Este método utiliza cebadores que son específicos solo para el ADN transformado con bisulfito o solo para el ADN no transformado [19] . En consecuencia, solo las regiones que estaban metiladas se unen a los primeros cebadores y las que no estaban metiladas se unen a los segundos cebadores, lo que elimina la necesidad de secuenciar las regiones después de la amplificación.

El ADN amplificado en MSP se puede analizar más a fondo mediante varios otros métodos. El método MethyLight utiliza MSP en tiempo real basado en fluorescencia] [20] . Mc-MSP utiliza análisis de curvas de fusión [21] . El método de fusión altamente sensible utiliza ambos y, por lo tanto, es lo suficientemente sensible como para detectar niveles bajos de metilación [22] .

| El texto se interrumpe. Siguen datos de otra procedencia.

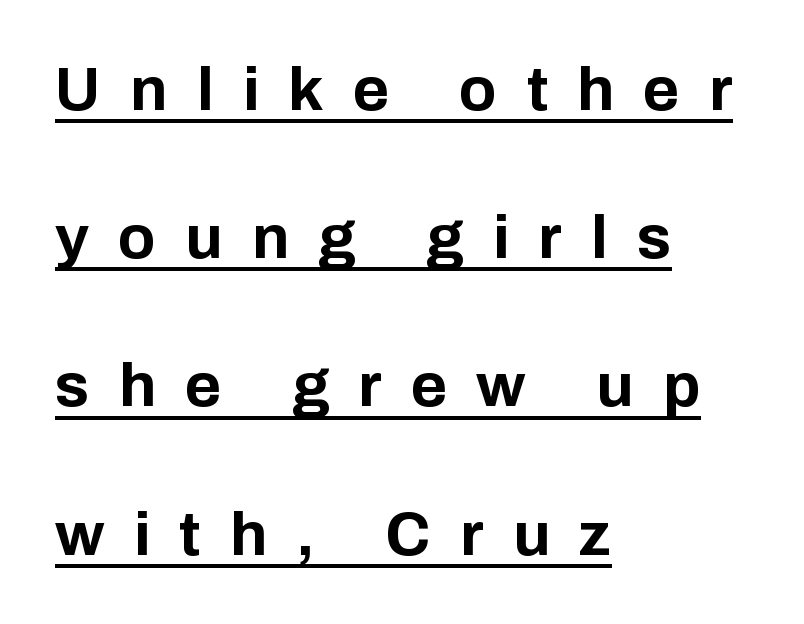
Q: Is the text bold? A: Yes.
Q: Is the text italic (slanted)? A: No, it is upright.
Q: Is the typeface a serif or a sans-serif typeface? A: Sans-serif.
Q: Is the text underlined? A: Yes.
Q: How is the paragraph aligned? A: Left-aligned.
Q: Is the spacing between letters normal or unusually wide? A: Unusually wide.
Q: Is the spacing between lines tight, normal or loose? A: Loose.
Q: Width (condensed, normal, or wide)? A: Normal.
Q: Stroke contrast? A: Low.
Q: x-height? A: Medium.
Q: Monospaced? A: No.
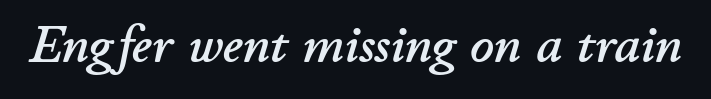
Q: Is the text italic (slanted)? A: Yes, it leans right by about 11 degrees.
Q: Is the text underlined? A: No.
Q: Is the spacing between letters normal or unusually wide? A: Normal.
Q: Width (condensed, normal, or wide)? A: Normal.
Q: Stroke contrast? A: Low.
Q: x-height? A: Small.
Q: Monospaced? A: No.
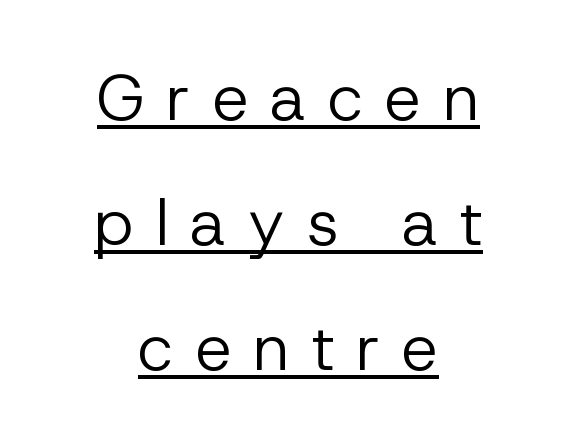
Q: Is the text bold? A: No.
Q: Is the text italic (slanted)? A: No, it is upright.
Q: Is the typeface a serif or a sans-serif typeface? A: Sans-serif.
Q: Is the text underlined? A: Yes.
Q: How is the paragraph aligned? A: Centered.
Q: Is the spacing between letters normal or unusually wide? A: Unusually wide.
Q: Is the spacing between lines tight, normal or loose? A: Loose.
Q: Width (condensed, normal, or wide)? A: Normal.
Q: Stroke contrast? A: Low.
Q: x-height? A: Medium.
Q: Monospaced? A: No.
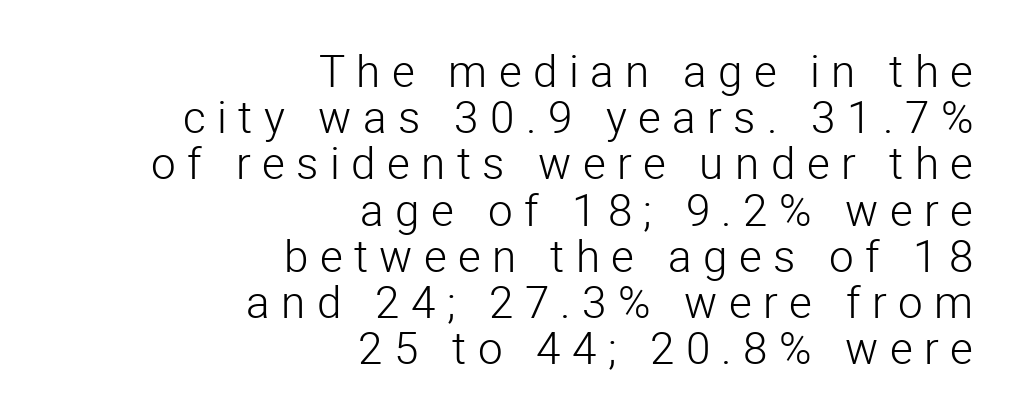
{"serif": "no", "italic": "no", "bold": "no", "weight": "light", "width": "normal", "stroke_contrast": "low", "x_height": "medium", "monospaced": "no", "underline": "no", "align": "right", "line_spacing": "tight", "line_spacing_ratio": 1.05, "letter_spacing": "wide", "letter_spacing_em": 0.26, "glyph_px": 44}
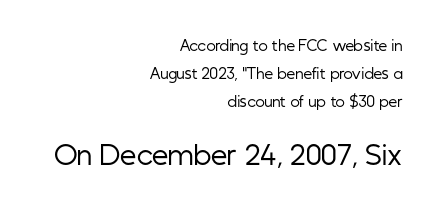
Q: Is the text bold? A: No.
Q: Is the text italic (slanted)? A: No, it is upright.
Q: Is the text underlined? A: No.
Q: How is the paragraph aligned? A: Right-aligned.
Q: Is the spacing between letters normal or unusually wide? A: Normal.
Q: Is the spacing between lines tight, normal or loose? A: Loose.
Q: Which block of text is set in a larger size, the first (top) or the second (bottom)? A: The second (bottom) one.
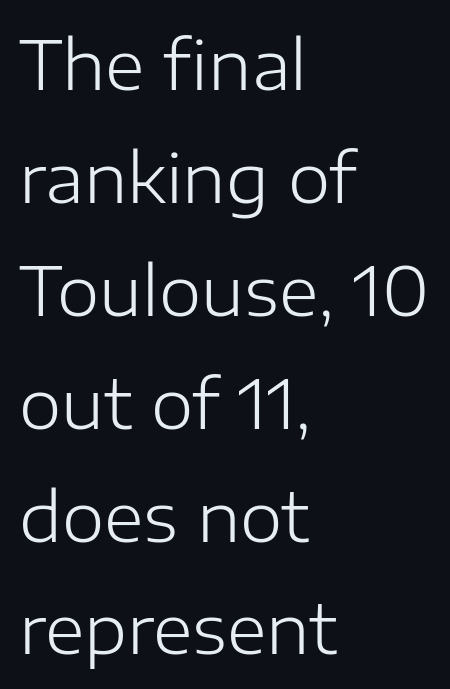
Q: Is the text bold? A: No.
Q: Is the text italic (slanted)? A: No, it is upright.
Q: Is the typeface a serif or a sans-serif typeface? A: Sans-serif.
Q: Is the text underlined? A: No.
Q: How is the paragraph aligned? A: Left-aligned.
Q: Is the spacing between letters normal or unusually wide? A: Normal.
Q: Is the spacing between lines tight, normal or loose? A: Normal.
Q: Width (condensed, normal, or wide)? A: Normal.
Q: Stroke contrast? A: Low.
Q: x-height? A: Medium.
Q: Monospaced? A: No.
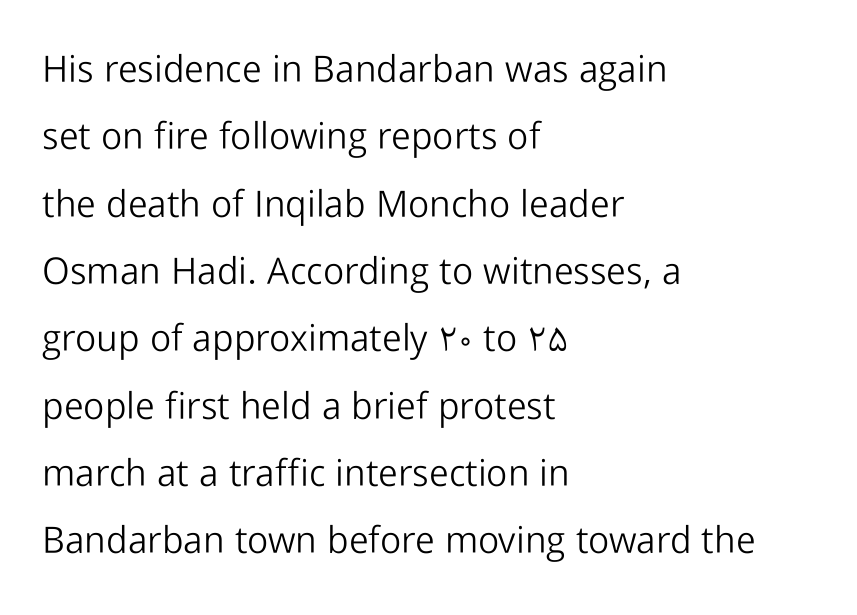
Q: Is the text bold? A: No.
Q: Is the text italic (slanted)? A: No, it is upright.
Q: Is the typeface a serif or a sans-serif typeface? A: Sans-serif.
Q: Is the text underlined? A: No.
Q: How is the paragraph aligned? A: Left-aligned.
Q: Is the spacing between letters normal or unusually wide? A: Normal.
Q: Width (condensed, normal, or wide)? A: Normal.
Q: Stroke contrast? A: Low.
Q: x-height? A: Medium.
Q: Monospaced? A: No.

Métodos basados ​​en microchips

El uso de micromatrices de ADN permite ampliar los métodos descritos anteriormente para el análisis de la metilación a nivel de todo el genoma [23] . Los oligonucleótidos de la micromatriz de ADN se hacen específicos para la metilación y corresponden a los sitios CpG de interés. Algunos son complementarios a la secuencia alterada por bisulfito (es decir, aquella en la que el sitio CpG no ha sido metilado), mientras que otros no lo son. Un ejemplo de dicho método es el ensayo de metilación de Illumina .

Restricciones de método

Los métodos de secuenciación con bisulfito tienen una serie de limitaciones. En los mamíferos , la modificación del ADN 5-hidroximetilcitosina está muy extendida. Cuando se trata con bisulfito, la 5-hidroximetilcitosina se convierte en citosina-5-metilsulfonato, que se identifica mediante secuenciación como C. Por lo tanto, la secuenciación con bisulfito no puede distinguir entre 5-hidroximetilcitosina y metilcitosina y, por lo tanto, no puede considerarse un método sensible sólo a la metilación del ADN. En 2012, se desarrolló un método de secuenciación con bisulfito para distinguir entre estas dos modificaciones [24] .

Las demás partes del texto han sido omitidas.